» What you are asked to do
Quote, exactly, the line holding "rounds of qualitative" and all lines after it to the end of the records below. Exclude pictures.

Entries taken from a collection:
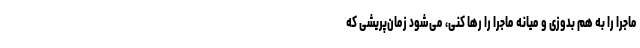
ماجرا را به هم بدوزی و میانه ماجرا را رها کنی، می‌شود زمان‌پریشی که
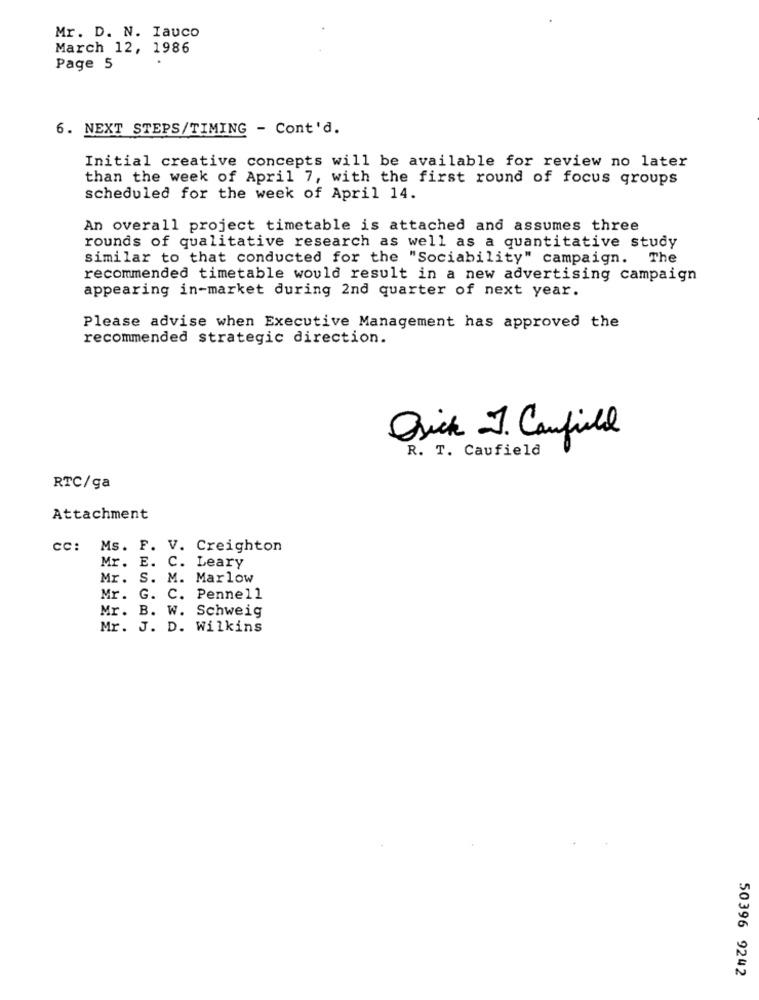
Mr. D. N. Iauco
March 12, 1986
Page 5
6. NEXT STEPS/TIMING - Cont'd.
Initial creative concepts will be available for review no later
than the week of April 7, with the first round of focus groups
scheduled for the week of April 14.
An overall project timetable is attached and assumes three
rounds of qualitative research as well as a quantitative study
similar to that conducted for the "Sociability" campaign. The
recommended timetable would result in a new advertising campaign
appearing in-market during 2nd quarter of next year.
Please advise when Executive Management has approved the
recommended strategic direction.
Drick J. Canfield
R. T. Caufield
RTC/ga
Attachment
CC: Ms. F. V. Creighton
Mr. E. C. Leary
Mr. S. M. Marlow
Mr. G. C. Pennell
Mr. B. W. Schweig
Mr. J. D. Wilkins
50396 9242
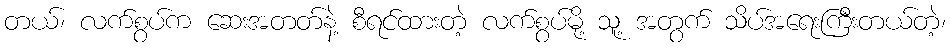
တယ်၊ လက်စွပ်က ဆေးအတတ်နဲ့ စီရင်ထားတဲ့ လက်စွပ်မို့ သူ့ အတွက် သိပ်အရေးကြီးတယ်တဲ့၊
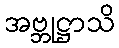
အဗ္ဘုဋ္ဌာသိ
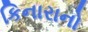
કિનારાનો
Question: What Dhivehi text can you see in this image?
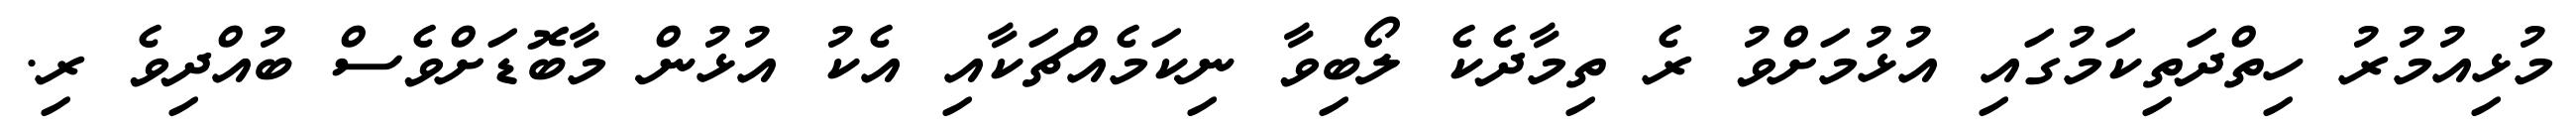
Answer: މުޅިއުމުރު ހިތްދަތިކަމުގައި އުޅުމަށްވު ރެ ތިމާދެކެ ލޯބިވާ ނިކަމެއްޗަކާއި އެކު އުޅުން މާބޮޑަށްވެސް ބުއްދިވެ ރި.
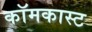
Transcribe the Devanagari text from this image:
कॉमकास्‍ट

» Answer to the problem
rounds of qualitative research as well as a quantitative study
similar to that conducted for the "Sociability" campaign. The
recommended timetable would result in a new advertising campaign
appearing in-market during 2nd quarter of next year.
Please advise when Executive Management has approved the
recommended strategic direction.
Drick J. Canfield
R. T. Caufield
RTC/ga
Attachment
CC: Ms. F. V. Creighton
Mr. E. C. Leary
Mr. S. M. Marlow
Mr. G. C. Pennell
Mr. B. W. Schweig
Mr. J. D. Wilkins
50396 9242
တယ်၊ လက်စွပ်က ဆေးအတတ်နဲ့ စီရင်ထားတဲ့ လက်စွပ်မို့ သူ့ အတွက် သိပ်အရေးကြီးတယ်တဲ့၊
အဗ္ဘုဋ္ဌာသိ
કિનારાનો
Question: What Dhivehi text can you see in this image?
Answer: މުޅިއުމުރު ހިތްދަތިކަމުގައި އުޅުމަށްވު ރެ ތިމާދެކެ ލޯބިވާ ނިކަމެއްޗަކާއި އެކު އުޅުން މާބޮޑަށްވެސް ބުއްދިވެ ރި.
Transcribe the Devanagari text from this image:
कॉमकास्‍ट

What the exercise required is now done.